La seule alternative consiste à retarder les hautes fréquences pour les aligner avec les basses déjà décalées, reconstituant ainsi l’impulsion d’origine. Cela suppose de stocker temporairement la forme d’onde des hautes fréquences jusqu’au moment adéquat. C’est une tâche parfaitement adaptée au traitement numérique du signal. Mémoriser, c’est précisément ce que le numérique sait faire.
Ce qui est formidable avec les filtres numériques, c’est qu’on peut leur donner n’importe quelle réponse impulsionnelle imaginable. Et pourquoi pas une où la partie haute fréquence du signal arriverait en dernier ?
C’est exactement comme ça qu’on procède. La réponse de votre haut-parleur inclut un comportement passe-tout indésirable, c’est-à-dire que toutes les fréquences passent, mais avec des déphasages. Pour corriger cela, il suffit de prendre la réponse impulsionnelle de ce filtre passe-tout, de l’inverser dans le temps, puis de créer un filtre numérique à partir de cette réponse inversée. Ensuite, on place ce nouveau filtre en amont du filtre de coupure. C’est vraiment aussi simple que ça.

Voici la réponse par paliers, réelle et mesurée, d’un haut-parleur à quatre voies contrôlé par DSP :

C’est une copie conforme de l’exemple à voie unique que j’ai présenté dans la première partie, à ceci près que ce haut-parleur est bel et bien réalisable physiquement, tout en offrant tous les avantages d’un système multivoies.
Ce qui défie l’entendement, c’est que dans le petit monde des débats audiophiles, certains s’écharpent littéralement pour savoir si un signal PCM provoque une « tache temporelle ». Ils s’affrontent sur des subtilités de l’ordre de la microseconde dans la réponse impulsionnelle d’un convertisseur numérique, alors que les distorsions temporelles massives causées par les enceintes passives passent totalement sous silence. Des principes fondamentaux de l’ingénierie comme les tests de distorsion ou la contre-réaction sont bruyamment tournés en dérision, tandis que la seule idée vraiment contestable — l’inaudibilité supposée des déphasages — est répétée comme une vérité révélée. Pourquoi ? Réponse : pour entretenir le cycle infernal des renouvellements et reventes de matériel, tout simplement !

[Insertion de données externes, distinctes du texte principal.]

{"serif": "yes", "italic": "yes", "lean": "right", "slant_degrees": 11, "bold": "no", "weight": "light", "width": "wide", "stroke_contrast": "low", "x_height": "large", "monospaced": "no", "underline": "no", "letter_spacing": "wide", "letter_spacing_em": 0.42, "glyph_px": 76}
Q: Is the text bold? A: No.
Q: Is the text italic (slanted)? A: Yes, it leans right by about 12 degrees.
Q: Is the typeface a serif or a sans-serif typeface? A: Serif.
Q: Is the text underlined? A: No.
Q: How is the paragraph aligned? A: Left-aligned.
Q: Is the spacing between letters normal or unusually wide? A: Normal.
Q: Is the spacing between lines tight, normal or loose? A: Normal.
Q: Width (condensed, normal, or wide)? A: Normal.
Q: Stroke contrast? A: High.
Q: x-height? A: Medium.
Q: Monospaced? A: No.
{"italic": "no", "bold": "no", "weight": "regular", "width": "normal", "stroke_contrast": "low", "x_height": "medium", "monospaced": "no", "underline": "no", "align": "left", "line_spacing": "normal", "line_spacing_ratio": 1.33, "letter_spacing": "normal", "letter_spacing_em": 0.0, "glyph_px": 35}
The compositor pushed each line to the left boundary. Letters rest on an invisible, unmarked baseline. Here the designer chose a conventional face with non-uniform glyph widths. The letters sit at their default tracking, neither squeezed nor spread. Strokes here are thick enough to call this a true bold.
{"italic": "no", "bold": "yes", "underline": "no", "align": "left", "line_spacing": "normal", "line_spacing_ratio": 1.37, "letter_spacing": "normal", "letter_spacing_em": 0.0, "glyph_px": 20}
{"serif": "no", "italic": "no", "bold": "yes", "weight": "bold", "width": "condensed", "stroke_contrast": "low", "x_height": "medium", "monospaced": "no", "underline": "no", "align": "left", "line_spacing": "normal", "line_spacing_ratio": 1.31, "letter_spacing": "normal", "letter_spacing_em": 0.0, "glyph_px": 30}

Il est bien plus rentable de détourner l’attention des clients vers les micro-différences entre sources, amplis et câbles, et de nourrir un marché qui accepte — voire recherche — des électroniques imparfaites pour justifier ces différences. Et tout ce château de cartes repose sur les enceintes passives.
Haut-parleurs dans les pièces
Faire fonctionner une enceinte hi-fi dans une pièce relève presque de la magie noire. On passe des jours à déplacer enceintes, canapés et autres meubles jusqu’à obtenir un équilibre plus ou moins acceptable. Cela n’atténue en rien les réverbérations proprement dites : la pièce continue de gronder après un transitoire de basse. Tout ce qu’on peut espérer, c’est qu’aucune bande de fréquences ne soit trop affectée. En termes temporels, cela revient à essayer d’étaler l’arrivée des échos de la manière la plus aléatoire possible.
En d'autres termes, plus vous placez les enceintes et l’auditeur de façon à obtenir une réponse lissée sur un tiers d’octave aussi plate que possible, plus la réponse transitoire sera chaotique.
Lorsque les basses sont inégales et boursouflées, on a tendance à accuser la pièce. Après tout, changer d’enceinte sans modifier son emplacement produit généralement les mêmes problèmes. Mais cela ne veut pas dire qu’on ne peut pas concevoir une enceinte qui interagit mieux avec la pièce — seulement que c’est rarement fait.
Les causes du « room boom »
Un haut-parleur placé à l’avant se comporte très différemment selon qu’il émet des hautes ou des basses fréquences. Les sons aigus ne sont projetés que dans la moitié de la pièce « visible » par le haut-parleur. En revanche, les ondes sonores graves — dont la longueur d’onde dépasse la largeur du coffret — contournent celui-ci sans difficulté. Si vous orientez une enceinte dans une autre direction, les aigus disparaissent, mais les graves restent inchangés.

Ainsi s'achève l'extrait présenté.